時のうねりのはざまにて

歴史小説もどきを書いてみます。作品と解説の二部構成で行こうと思います。

蒲殿春秋(三百十八)

2008-11-19 05:35:54 | 蒲殿春秋
倶利伽羅峠の戦いにおいて大勝利を収めた義仲の元へ
奥州の王者藤原秀衡から駿馬が届けられた。
この馬は義仲が戦勝祈願した八幡宮へ奉納された。

奥州からの戦勝祝いが届いた。
つまり奥州は義仲の勝利に祝意を示し、義仲と良好な関係でありたいという意思を示したことになる。
ということは義仲の背後の脅威は減少したということになる。
義仲の周囲には、彼が越後から排斥した城氏の残存勢力そして奥州藤原氏、さらには南坂東を押さえている源頼朝、信濃に接する甲斐源氏の諸勢力が存在する。
そのうち最も恐ろしい相手は奥州藤原氏。
奥州藤原氏が支配下に収めている地域と越後は直に接している。

この奥州藤原氏との提携なくして義仲は越後を離れることはできない。
奥州藤原氏は横田河原の戦いの後、城氏が支配下においていた会津や出羽を攻め城氏没落に手を貸した。
藤原秀衡もしくは彼と緩やかな主従関係を結んでいる奥州の豪族たちに近隣への支配拡大の欲望が全くないわけではない。
従って義仲の不在中に越後が奥州藤原氏の侵攻を受けない可能性は皆無ではないのである。
けれども、現在秀衡は義仲に和平の意を示している。これで義仲の留守中に越後が侵される心配は無くなった。

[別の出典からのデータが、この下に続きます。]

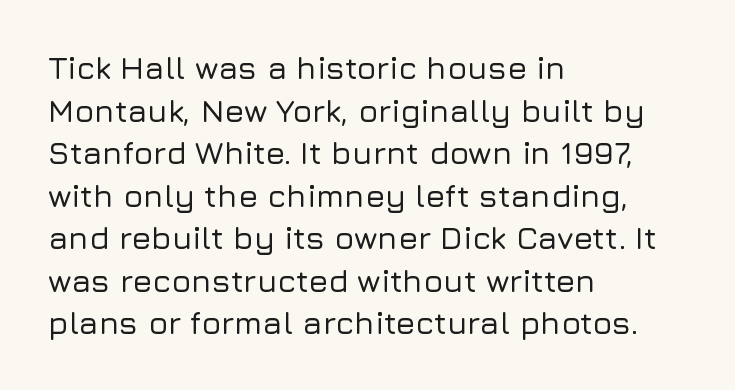
The image shows 32 px sans-serif type, upright; set left-aligned, normal line spacing (1.33x), normal letter spacing, not underlined; low stroke contrast and a medium x-height.
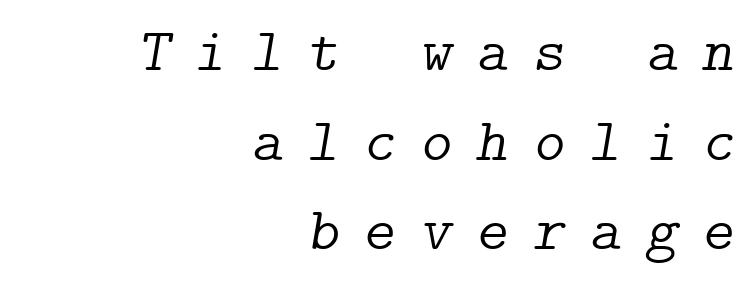
The image shows 61 px light serif type, italic (leaning right); set right-aligned, normal line spacing (1.47x), unusually wide letter spacing (+0.4 em), not underlined; low stroke contrast and a medium x-height.
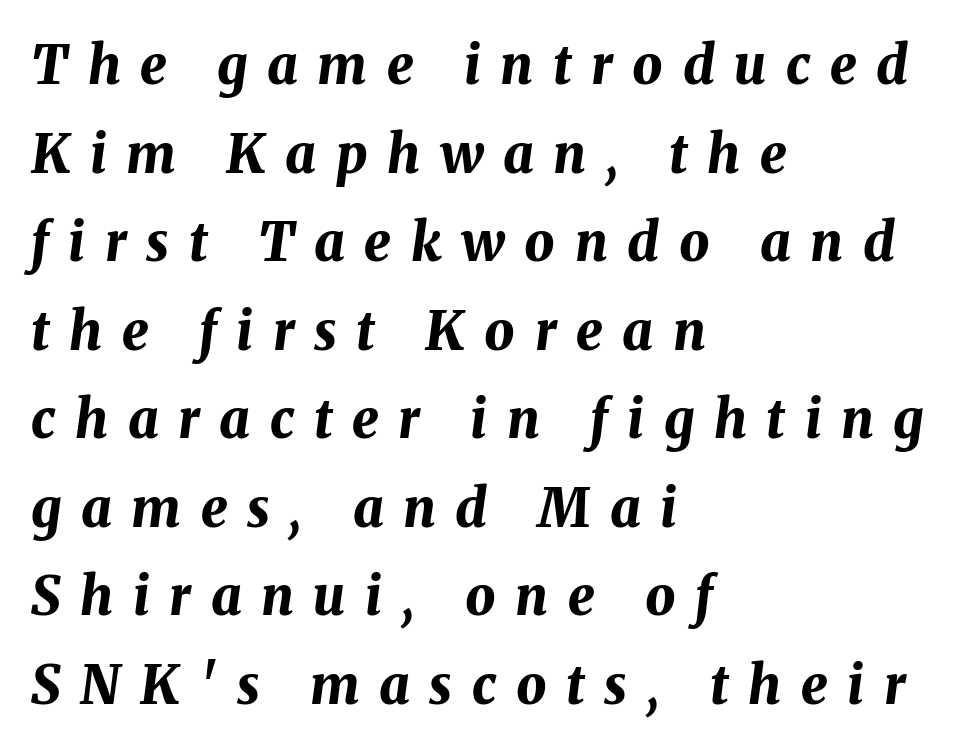
{"italic": "yes", "lean": "right", "slant_degrees": 8, "bold": "yes", "weight": "bold", "width": "normal", "stroke_contrast": "medium", "x_height": "medium", "monospaced": "no", "underline": "no", "align": "left", "line_spacing": "normal", "line_spacing_ratio": 1.67, "letter_spacing": "wide", "letter_spacing_em": 0.37, "glyph_px": 53}
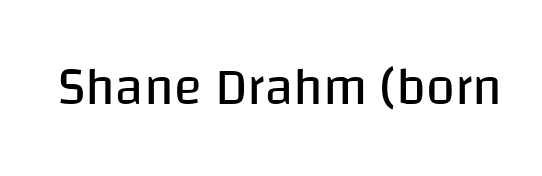
The image shows 52 px regular-weight sans-serif type, upright; set normal letter spacing, not underlined; low stroke contrast and a large x-height.
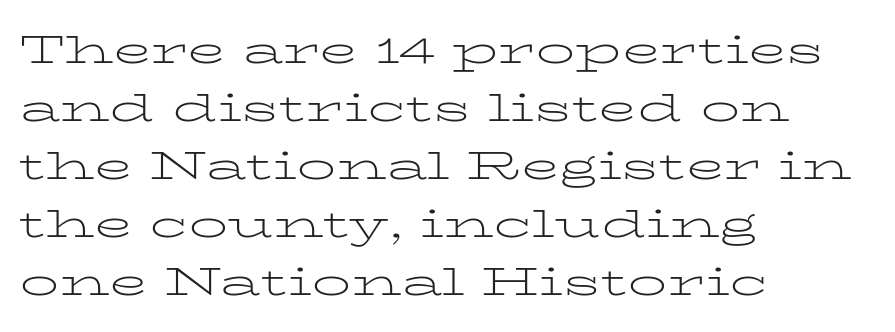
The face used here is seriffed, in the tradition of book romans. The face used here is proportionally spaced, like ordinary book or web type. Stems and bowls with no extra thickness — not bold. No extra tracking has been applied to these lines.
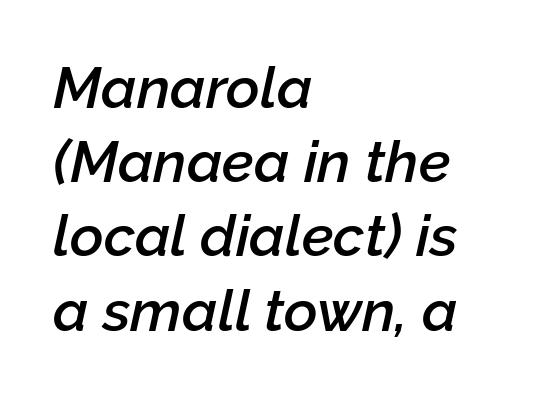
The image shows 58 px semibold type, italic (leaning right); set left-aligned, normal line spacing (1.28x), normal letter spacing, not underlined; low stroke contrast and a medium x-height.
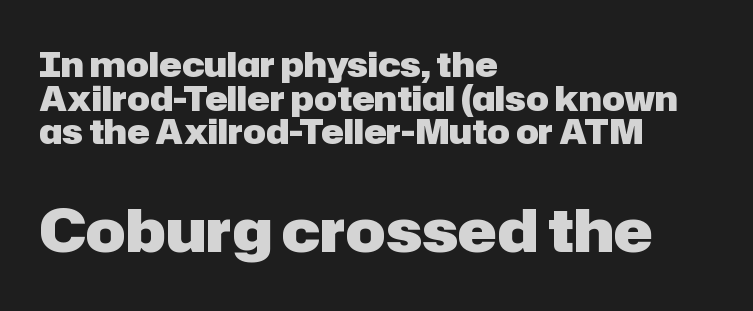
The image shows 59 px heavy sans-serif type, upright; set left-aligned, tight line spacing (0.99x), normal letter spacing, not underlined; the second (bottom) block is 1.74x larger; low stroke contrast and a medium x-height.
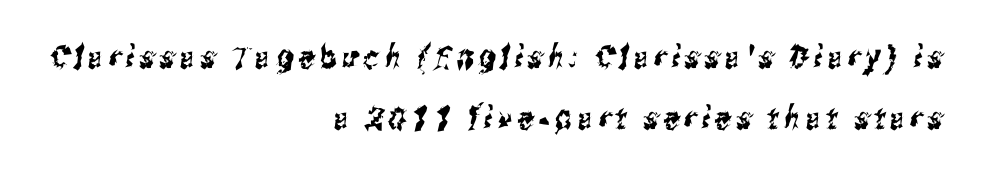
{"serif": "no", "width": "condensed", "stroke_contrast": "medium", "x_height": "medium", "monospaced": "no", "underline": "no", "align": "right", "line_spacing": "loose", "line_spacing_ratio": 1.92, "glyph_px": 32}
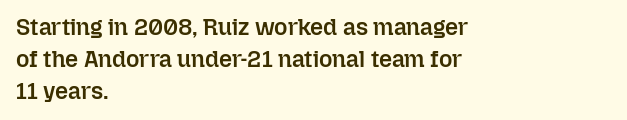
Q: Is the text bold? A: Semi-bold.
Q: Is the text italic (slanted)? A: No, it is upright.
Q: Is the text underlined? A: No.
Q: How is the paragraph aligned? A: Left-aligned.
Q: Is the spacing between letters normal or unusually wide? A: Normal.
Q: Is the spacing between lines tight, normal or loose? A: Normal.
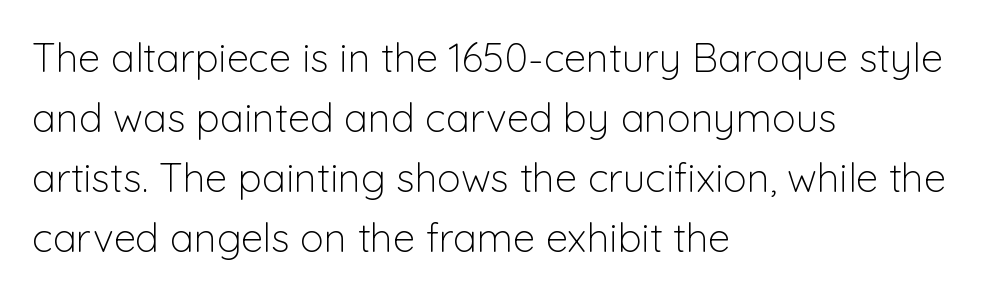
Q: Is the text bold? A: No.
Q: Is the text italic (slanted)? A: No, it is upright.
Q: Is the typeface a serif or a sans-serif typeface? A: Sans-serif.
Q: Is the text underlined? A: No.
Q: How is the paragraph aligned? A: Left-aligned.
Q: Is the spacing between letters normal or unusually wide? A: Normal.
Q: Is the spacing between lines tight, normal or loose? A: Normal.
Q: Width (condensed, normal, or wide)? A: Normal.
Q: Stroke contrast? A: Low.
Q: x-height? A: Medium.
Q: Monospaced? A: No.
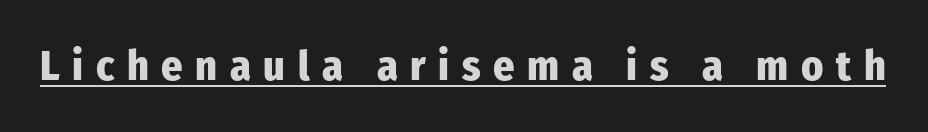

奥州藤原氏が義仲と同盟を結ぶとなれば義仲の留守の間に、城氏の残党や
坂東の頼朝が越後を脅かすことはできない。
彼らが下手に動けば、両者に対して敵対的な奥州藤原氏が必ず動く。

奥州藤原氏の実力に一目おいている義仲は
越後を勢力下に置くころから奥州との接触を図ってきた。
その成果はこの倶利伽羅峠の直後に現れたのである。

義仲は西へ進む支度を整え始める。
平家を北陸から追い落とし、更には都を目指すのである。

その一方で義仲は南の脅威甲斐源氏にも調略の手を伸ばす。
甲斐源氏の中の有力者の一人に協力を呼びかけるのである。
その協力者の名は安田義定。
甲斐源氏の中で最も西の遠江を支配下に収めている人物である。

義仲の書状は密かに義定の手に渡された。
そのことを義定の盟友源範頼は未だに知らない。